Data entries:
-----

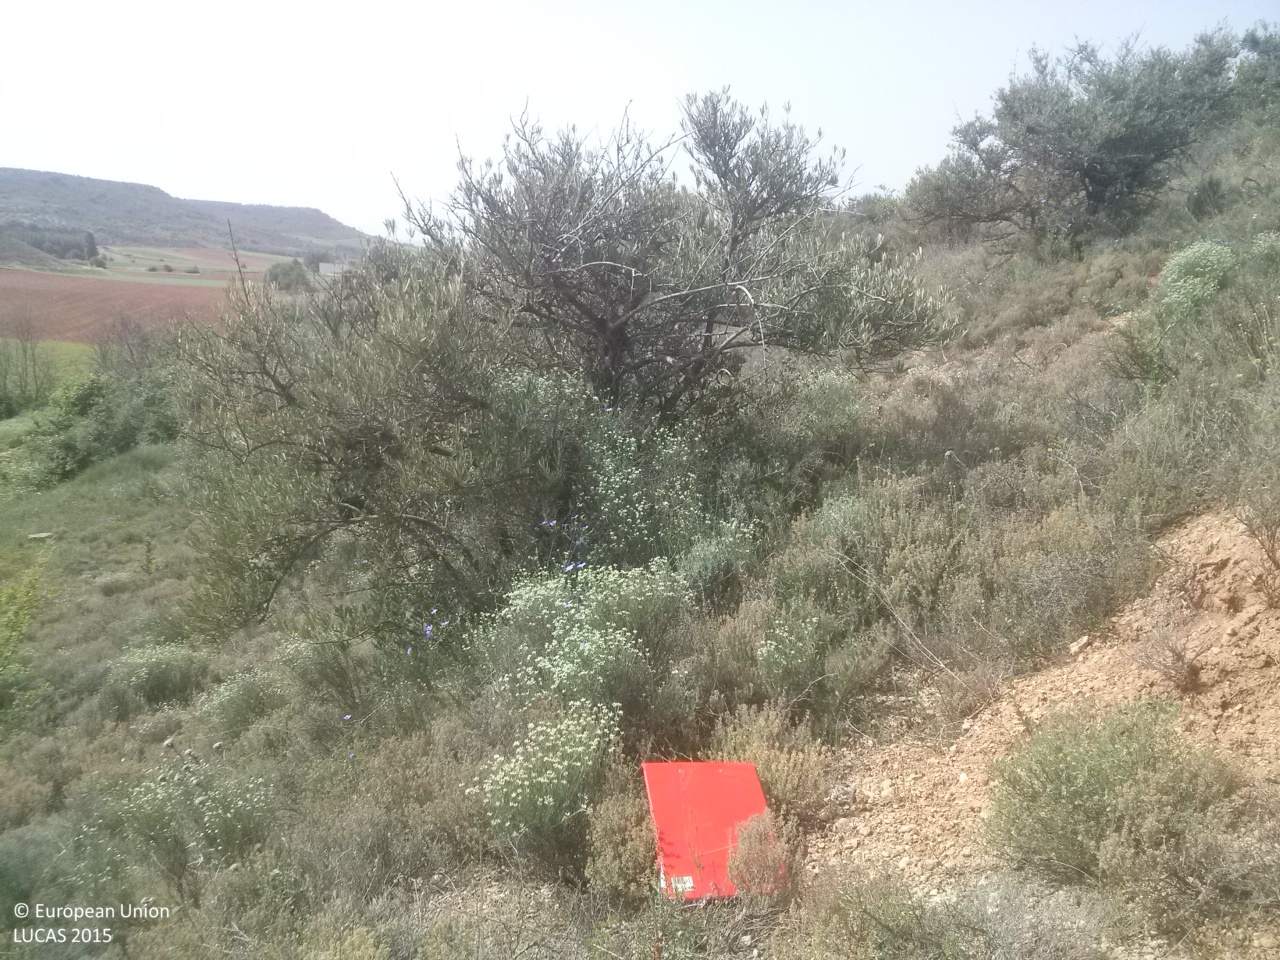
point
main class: Cropland
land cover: Olive groves
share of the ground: 10 - 25 %
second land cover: Shrubland without tree cover
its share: > 75 %
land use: Abandoned areas
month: May
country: ES
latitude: 39.9720
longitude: -2.5347

-----

The required answer is the line with "land cover: Olive groves" plus every line after it to the end of the entries above, transcribed exactly.

land cover: Olive groves
share of the ground: 10 - 25 %
second land cover: Shrubland without tree cover
its share: > 75 %
land use: Abandoned areas
month: May
country: ES
latitude: 39.9720
longitude: -2.5347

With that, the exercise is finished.